While communities like Mayfield West may be great compared to 1980s-style suburbs that had no public green space and no employment lands, they are on shaky economic ground and occupy valuable agricultural land. This helps explain why Mississauga Mayor Hazel McCallion is so adamant that Canada’s sprawl capital should become an independent city. She recognizes that urbanizing Caledon will be expensive. Mayor McCallion, I suspect, wants the majority of the Region of Peel’s reserve funds to pay to maintain Mississauga’s aging infrastructure, not to urbanize Caledon.
Like Mayor McCallion, Caledon’s municipal government recognizes that increasing its population to 85,000, much less to 200,000, comes at a high cost to the environment, to the local economy and to society. Nonetheless, it has little choice but to comply with what amounts to provincial edicts on population growth. It is a system in which the provincial government essentially downloads responsibility for growth management to the municipalities, rather than deal with the root cause of sprawl.
I suggest that provincial minister John Gerretsen’s vow to put the brakes on sprawl came with more posture than commitment.

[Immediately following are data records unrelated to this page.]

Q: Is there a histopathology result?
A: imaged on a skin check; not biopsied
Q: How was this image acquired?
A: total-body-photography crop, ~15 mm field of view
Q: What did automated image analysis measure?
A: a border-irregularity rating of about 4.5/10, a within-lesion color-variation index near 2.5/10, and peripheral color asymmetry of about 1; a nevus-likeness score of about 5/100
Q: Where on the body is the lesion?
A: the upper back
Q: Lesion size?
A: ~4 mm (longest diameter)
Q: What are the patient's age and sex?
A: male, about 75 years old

Stopping sprawl requires that the provincial and federal govern-ments get a handle on population growth, not open the merry way for another 3.7 million people to settle in Canada’s most densely populated region.

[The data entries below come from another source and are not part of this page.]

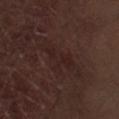biopsy_status: not biopsied; imaged during a skin examination
automated_metrics:
  vs_skin_darker_L: 4.0
  vs_skin_contrast_norm: 5.0
  nevus_likeness_0_100: 0
  lesion_detection_confidence_0_100: 80
lesion_size:
  long_diameter_mm_approx: 5.0
patient:
  sex: male
  age_approx: 70
image:
  source: total-body photography crop
  field_of_view_mm: 15
lighting: white-light
site: right thigh

Almost no one in government and few people anywhere speak out publicly about the troublesome issue of North America’s growth-addicted economic system that is based on the theory that more and bigger is better. But this unrestricted influx of humanity to southern Ontario is eroding its environment, chipping away at its base of prime agricultural land, and compromising its social fabric.
“The assumption of growth,” writes Michael J. Kinsley in Economic Renewal Guide, “is so pervasive that virtually every American community is looking to grow out of it economic problems, even when those problems are them-selves the result of growth.”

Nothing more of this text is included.